▶ About this task
Output must consist only of the lines of the material below from the one with "Atelectasis, right: 2" through the one with "Axial lung CT", each reproduced exactly; no pictures belong in it.
--- START ---
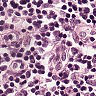
Metastatic tissue present: no
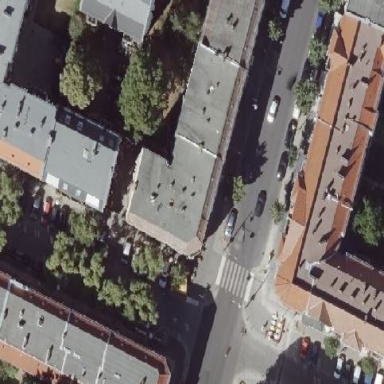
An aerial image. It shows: Saltbox shaped roof on apartment building.
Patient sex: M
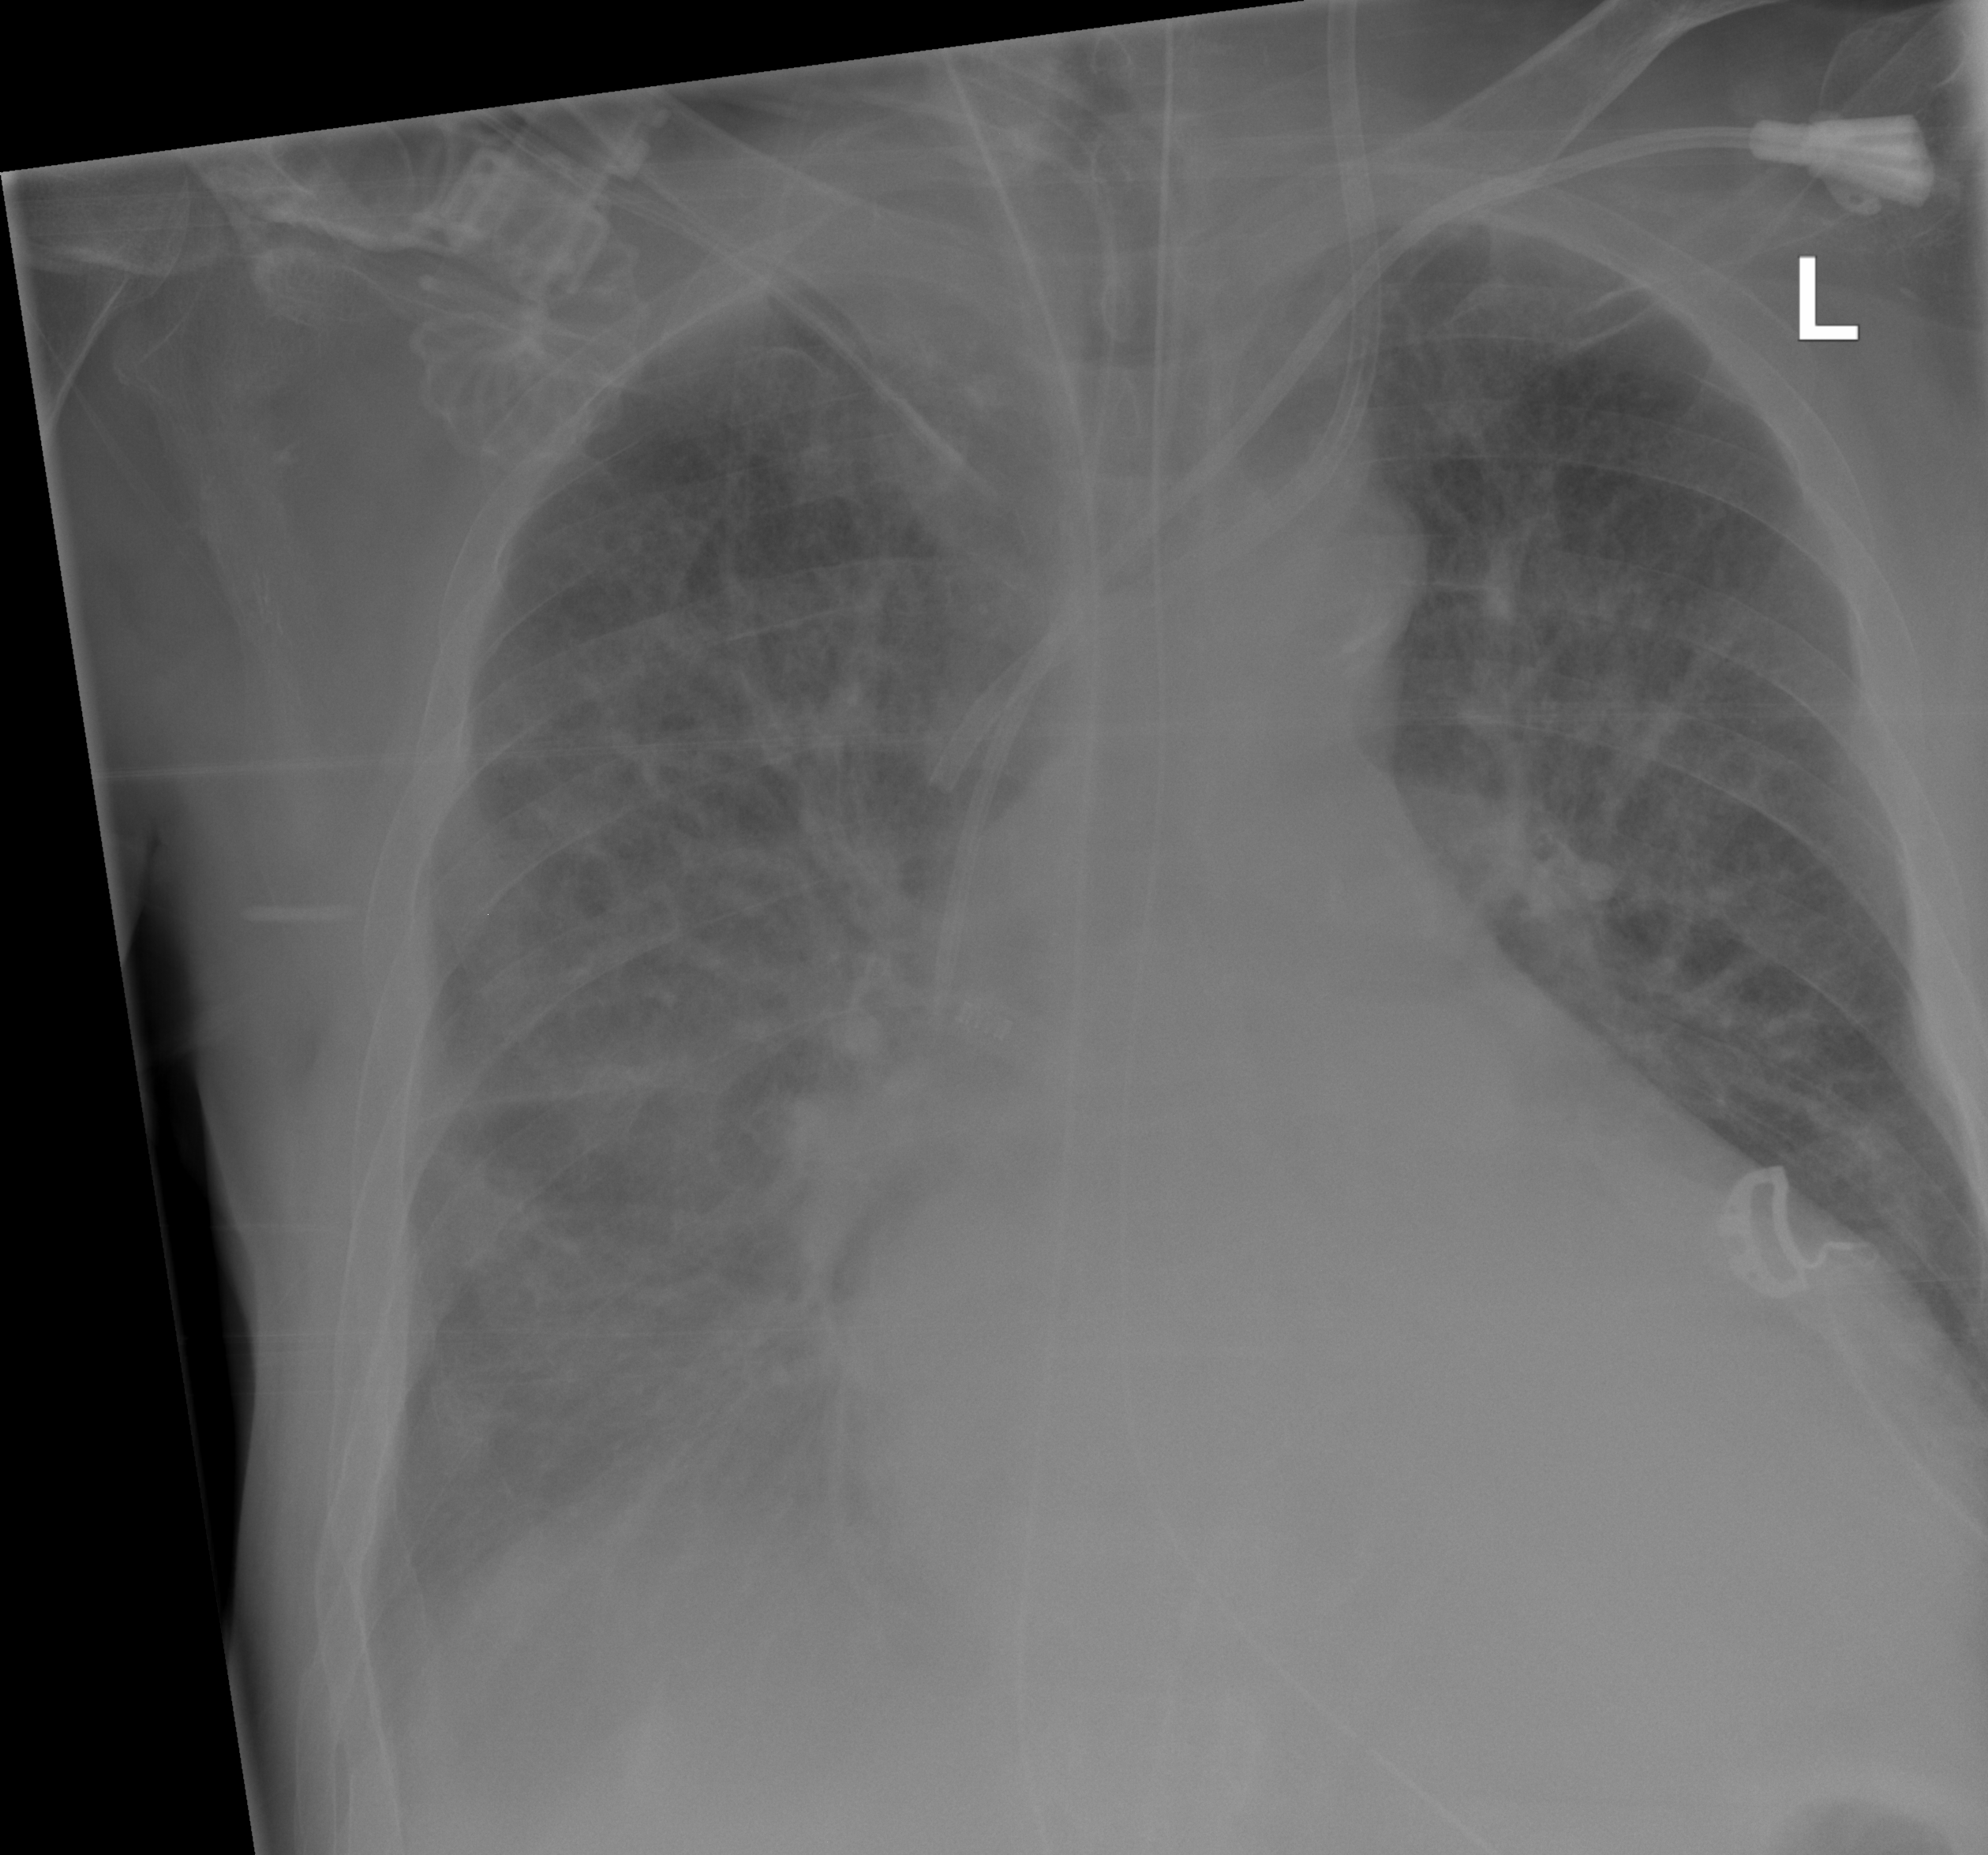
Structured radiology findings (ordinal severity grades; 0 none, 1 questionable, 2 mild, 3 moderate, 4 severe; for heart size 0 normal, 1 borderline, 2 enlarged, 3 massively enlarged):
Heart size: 2
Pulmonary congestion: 2
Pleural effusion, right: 3
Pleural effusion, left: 2
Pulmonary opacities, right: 3
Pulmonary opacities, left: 3
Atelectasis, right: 2
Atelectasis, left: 0
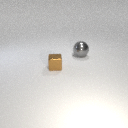
large gray metal sphere behind small brown metal cube
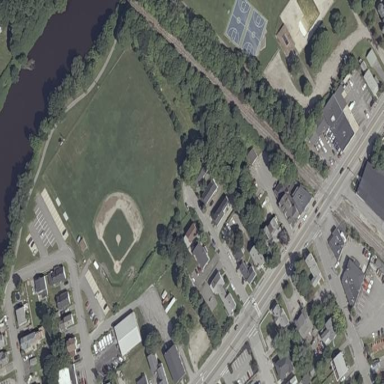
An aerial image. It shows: Baseball pitch for leisure land.
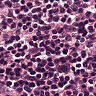
Metastatic tissue present: yes
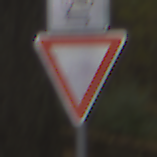
Verkehrszeichen: VorfahrtGewaehren
Zusatzzeichen oben: RichtungsangabeDurchPfeile9
Umgebung: Outdoor, Nature
Tageszeit: MorningAfternoon
Wetter: Overcast
Licht: Natural
Jahreszeit: Autumn
Kontrast: LowContrast
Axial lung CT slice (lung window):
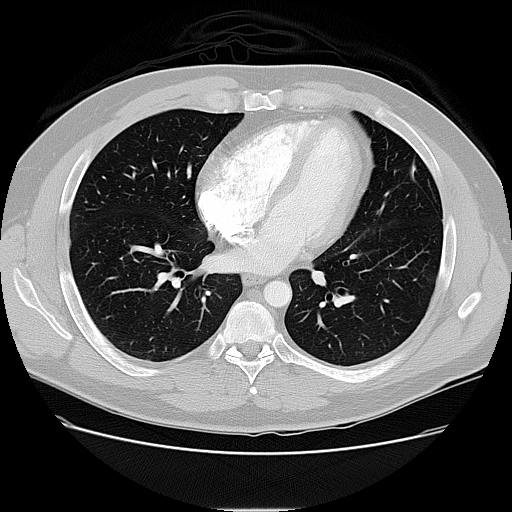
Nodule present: no
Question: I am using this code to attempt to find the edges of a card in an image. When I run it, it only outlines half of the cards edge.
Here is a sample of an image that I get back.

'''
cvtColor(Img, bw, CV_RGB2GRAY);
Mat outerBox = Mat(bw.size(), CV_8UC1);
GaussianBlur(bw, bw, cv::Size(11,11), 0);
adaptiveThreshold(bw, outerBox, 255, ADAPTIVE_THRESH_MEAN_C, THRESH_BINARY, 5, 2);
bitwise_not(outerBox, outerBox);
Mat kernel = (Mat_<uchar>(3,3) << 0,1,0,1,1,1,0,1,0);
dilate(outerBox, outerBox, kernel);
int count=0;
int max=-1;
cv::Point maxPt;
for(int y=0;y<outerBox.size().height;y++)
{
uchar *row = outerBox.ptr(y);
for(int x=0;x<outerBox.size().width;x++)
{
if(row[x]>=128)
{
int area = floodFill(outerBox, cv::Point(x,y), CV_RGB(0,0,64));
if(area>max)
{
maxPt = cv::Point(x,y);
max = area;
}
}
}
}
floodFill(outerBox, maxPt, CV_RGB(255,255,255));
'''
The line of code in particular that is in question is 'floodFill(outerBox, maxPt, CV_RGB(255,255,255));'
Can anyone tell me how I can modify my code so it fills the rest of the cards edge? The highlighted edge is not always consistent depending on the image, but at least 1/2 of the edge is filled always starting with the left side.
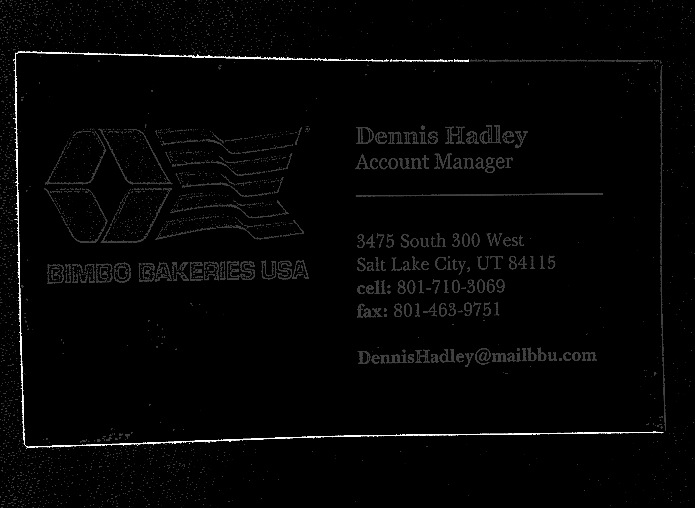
--- END ---
▶ Answer below
Atelectasis, right: 2
Atelectasis, left: 0
large gray metal sphere behind small brown metal cube
An aerial image. It shows: Baseball pitch for leisure land.
Metastatic tissue present: yes
Verkehrszeichen: VorfahrtGewaehren
Zusatzzeichen oben: RichtungsangabeDurchPfeile9
Umgebung: Outdoor, Nature
Tageszeit: MorningAfternoon
Wetter: Overcast
Licht: Natural
Jahreszeit: Autumn
Kontrast: LowContrast
Axial lung CT slice (lung window):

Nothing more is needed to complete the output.